• [Records supplied]:
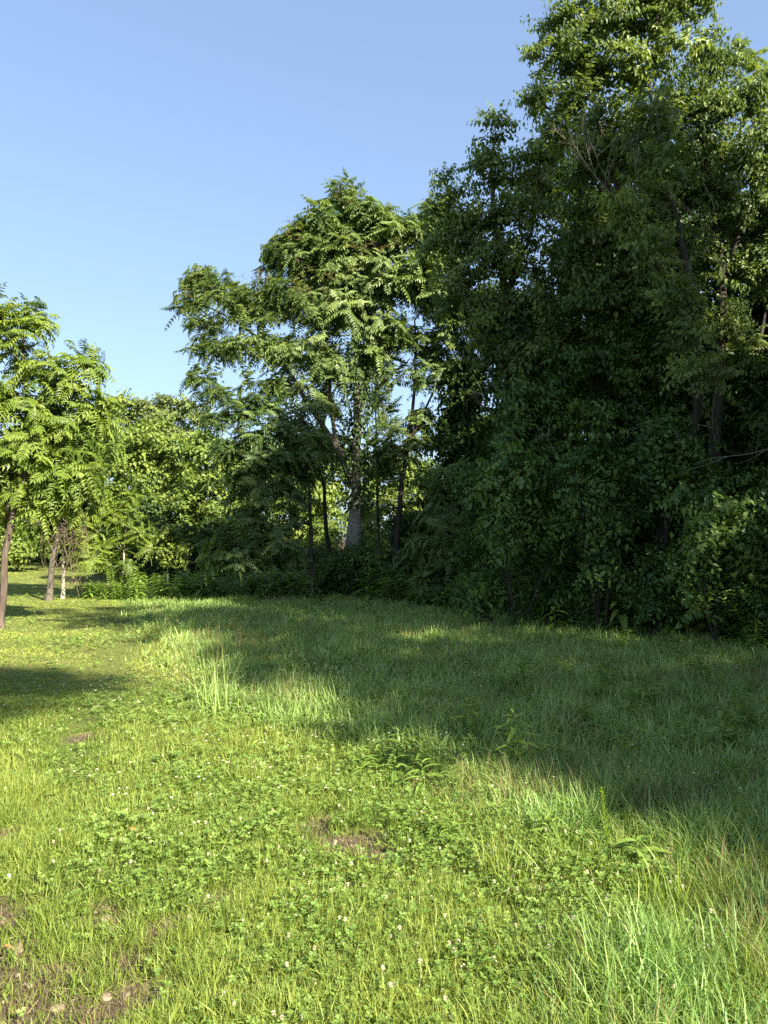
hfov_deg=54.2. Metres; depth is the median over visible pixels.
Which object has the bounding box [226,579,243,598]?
fringe weed
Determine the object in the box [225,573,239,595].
fringe weed
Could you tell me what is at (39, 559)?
bush
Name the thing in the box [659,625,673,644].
meadow weed
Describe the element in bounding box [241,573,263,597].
fringe weed
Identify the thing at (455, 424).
woodland tree
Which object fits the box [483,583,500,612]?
shade weed
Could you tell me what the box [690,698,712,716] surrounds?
meadow weed
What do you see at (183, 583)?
fringe weed
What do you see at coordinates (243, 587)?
fringe weed
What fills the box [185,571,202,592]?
fringe weed
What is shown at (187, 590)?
fringe weed
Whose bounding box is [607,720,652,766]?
meadow weed
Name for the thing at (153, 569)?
bush
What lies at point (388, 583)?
shade weed
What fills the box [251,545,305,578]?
bush
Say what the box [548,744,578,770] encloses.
leafy weed
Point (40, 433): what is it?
walnut tree
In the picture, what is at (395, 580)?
shade weed
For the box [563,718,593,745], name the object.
meadow weed
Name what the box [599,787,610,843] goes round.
goldenrod
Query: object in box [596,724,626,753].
meadow weed
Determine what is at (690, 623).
shade weed
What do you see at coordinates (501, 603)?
shade weed
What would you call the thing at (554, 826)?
leafy weed
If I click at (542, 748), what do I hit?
leafy weed
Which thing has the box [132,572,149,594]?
fringe weed
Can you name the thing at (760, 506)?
shrub
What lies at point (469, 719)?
meadow weed
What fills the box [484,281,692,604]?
shaded maple
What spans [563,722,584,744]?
meadow weed
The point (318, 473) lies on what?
crooked tree
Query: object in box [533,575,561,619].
shade weed
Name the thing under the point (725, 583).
bush
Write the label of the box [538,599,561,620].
shade weed
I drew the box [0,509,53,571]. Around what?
bush
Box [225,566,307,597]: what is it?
bush
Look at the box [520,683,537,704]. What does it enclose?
meadow weed
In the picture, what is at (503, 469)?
shrub
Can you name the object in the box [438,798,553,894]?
grass tuft
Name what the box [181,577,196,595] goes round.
fringe weed
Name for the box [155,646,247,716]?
grass tuft
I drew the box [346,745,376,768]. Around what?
leafy weed
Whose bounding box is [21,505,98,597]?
vine tangle
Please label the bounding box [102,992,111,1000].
stone
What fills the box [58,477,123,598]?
leaning tree
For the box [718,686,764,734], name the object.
meadow weed
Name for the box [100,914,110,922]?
stone
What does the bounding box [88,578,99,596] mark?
fringe weed
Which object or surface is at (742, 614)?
shade weed
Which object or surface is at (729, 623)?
shade weed
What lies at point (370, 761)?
leafy weed
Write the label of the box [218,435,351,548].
maple tree
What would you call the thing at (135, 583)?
fringe weed
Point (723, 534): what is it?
shrub
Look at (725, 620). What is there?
shade weed
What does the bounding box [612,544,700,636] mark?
bush
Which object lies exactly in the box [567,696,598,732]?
meadow weed
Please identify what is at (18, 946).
stone
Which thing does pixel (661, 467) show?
shrub
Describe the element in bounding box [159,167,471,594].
tall ailanthus
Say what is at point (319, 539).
bush
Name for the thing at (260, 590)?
fringe weed
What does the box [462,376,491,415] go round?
dead snag
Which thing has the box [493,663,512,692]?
weed
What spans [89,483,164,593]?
sapling
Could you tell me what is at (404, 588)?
shade weed
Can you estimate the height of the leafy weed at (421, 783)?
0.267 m
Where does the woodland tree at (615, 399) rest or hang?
on the ground at (116, 689)
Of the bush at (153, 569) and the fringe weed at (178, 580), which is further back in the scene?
the bush at (153, 569)
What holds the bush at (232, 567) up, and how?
on the ground at (116, 689)
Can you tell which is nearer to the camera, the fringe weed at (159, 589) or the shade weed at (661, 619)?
the shade weed at (661, 619)
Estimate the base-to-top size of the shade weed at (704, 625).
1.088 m
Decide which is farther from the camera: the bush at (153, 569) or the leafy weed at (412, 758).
the bush at (153, 569)
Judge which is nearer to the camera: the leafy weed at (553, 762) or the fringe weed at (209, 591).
the leafy weed at (553, 762)
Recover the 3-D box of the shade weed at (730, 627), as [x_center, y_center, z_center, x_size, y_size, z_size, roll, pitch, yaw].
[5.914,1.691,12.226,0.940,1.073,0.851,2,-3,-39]
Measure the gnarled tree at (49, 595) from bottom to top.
5.743 m
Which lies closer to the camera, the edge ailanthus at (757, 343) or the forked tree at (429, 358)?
the edge ailanthus at (757, 343)
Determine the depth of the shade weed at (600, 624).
13.01 m
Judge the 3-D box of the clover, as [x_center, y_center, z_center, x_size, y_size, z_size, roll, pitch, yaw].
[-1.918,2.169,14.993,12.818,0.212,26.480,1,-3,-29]
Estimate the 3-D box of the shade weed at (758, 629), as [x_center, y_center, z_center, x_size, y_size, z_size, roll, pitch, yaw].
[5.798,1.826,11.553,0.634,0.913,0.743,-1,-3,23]
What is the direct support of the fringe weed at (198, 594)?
on the ground at (116, 689)
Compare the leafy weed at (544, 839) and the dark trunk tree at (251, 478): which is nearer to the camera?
the leafy weed at (544, 839)
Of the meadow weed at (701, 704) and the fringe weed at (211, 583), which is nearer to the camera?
the meadow weed at (701, 704)
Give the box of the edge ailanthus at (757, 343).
[705,33,767,529]
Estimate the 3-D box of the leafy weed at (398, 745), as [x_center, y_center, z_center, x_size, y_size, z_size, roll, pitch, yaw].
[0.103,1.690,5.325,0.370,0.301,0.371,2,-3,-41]
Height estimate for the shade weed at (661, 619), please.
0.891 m
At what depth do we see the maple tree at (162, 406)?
61.37 m
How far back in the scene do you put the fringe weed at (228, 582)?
22.65 m
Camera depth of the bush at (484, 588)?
13.73 m
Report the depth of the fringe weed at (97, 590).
22.50 m
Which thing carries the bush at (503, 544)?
on the ground at (116, 689)
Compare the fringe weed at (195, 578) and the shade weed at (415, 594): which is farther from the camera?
the fringe weed at (195, 578)
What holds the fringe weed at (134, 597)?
on the ground at (116, 689)
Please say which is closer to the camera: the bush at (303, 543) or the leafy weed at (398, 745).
the leafy weed at (398, 745)
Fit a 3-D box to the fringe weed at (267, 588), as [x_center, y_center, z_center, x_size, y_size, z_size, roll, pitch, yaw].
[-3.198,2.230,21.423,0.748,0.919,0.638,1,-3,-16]
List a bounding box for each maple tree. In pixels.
[4,385,136,567]
[89,412,211,551]
[112,392,214,497]
[167,427,257,550]
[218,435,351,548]
[339,446,443,560]
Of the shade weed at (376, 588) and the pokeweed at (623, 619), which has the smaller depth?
the pokeweed at (623, 619)
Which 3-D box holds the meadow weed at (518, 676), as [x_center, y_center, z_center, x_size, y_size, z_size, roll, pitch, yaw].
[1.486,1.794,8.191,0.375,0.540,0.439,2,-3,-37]
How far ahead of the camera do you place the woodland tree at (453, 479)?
32.76 m
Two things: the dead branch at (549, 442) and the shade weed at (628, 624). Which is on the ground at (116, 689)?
the shade weed at (628, 624)
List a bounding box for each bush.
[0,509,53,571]
[17,510,61,562]
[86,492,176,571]
[115,512,188,576]
[132,519,207,580]
[171,536,231,580]
[197,511,267,572]
[215,538,266,581]
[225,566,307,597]
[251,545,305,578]
[280,534,319,572]
[294,532,410,597]
[302,549,342,577]
[308,524,344,563]
[330,551,378,595]
[361,516,391,555]
[362,549,388,587]
[376,508,438,591]
[382,463,486,605]
[413,504,493,599]
[443,455,517,608]
[443,558,545,628]
[468,510,540,601]
[498,533,612,625]
[516,482,652,607]
[548,564,626,630]
[575,454,767,622]
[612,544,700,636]
[710,466,767,618]
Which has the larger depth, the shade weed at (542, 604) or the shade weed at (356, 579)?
the shade weed at (356, 579)
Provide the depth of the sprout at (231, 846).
3.82 m
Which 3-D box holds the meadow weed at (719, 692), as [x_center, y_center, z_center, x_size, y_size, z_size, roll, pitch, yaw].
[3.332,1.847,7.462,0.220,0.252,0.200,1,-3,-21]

• [Exercise prompt]: When the word "roll" turns up on a line of the material above, copy that line.

• [Task answer]:
Recover the 3-D box of the shade weed at (730, 627), as [x_center, y_center, z_center, x_size, y_size, z_size, roll, pitch, yaw].
Judge the 3-D box of the clover, as [x_center, y_center, z_center, x_size, y_size, z_size, roll, pitch, yaw].
Estimate the 3-D box of the shade weed at (758, 629), as [x_center, y_center, z_center, x_size, y_size, z_size, roll, pitch, yaw].
Estimate the 3-D box of the leafy weed at (398, 745), as [x_center, y_center, z_center, x_size, y_size, z_size, roll, pitch, yaw].
Fit a 3-D box to the fringe weed at (267, 588), as [x_center, y_center, z_center, x_size, y_size, z_size, roll, pitch, yaw].
Which 3-D box holds the meadow weed at (518, 676), as [x_center, y_center, z_center, x_size, y_size, z_size, roll, pitch, yaw].
Which 3-D box holds the meadow weed at (719, 692), as [x_center, y_center, z_center, x_size, y_size, z_size, roll, pitch, yaw].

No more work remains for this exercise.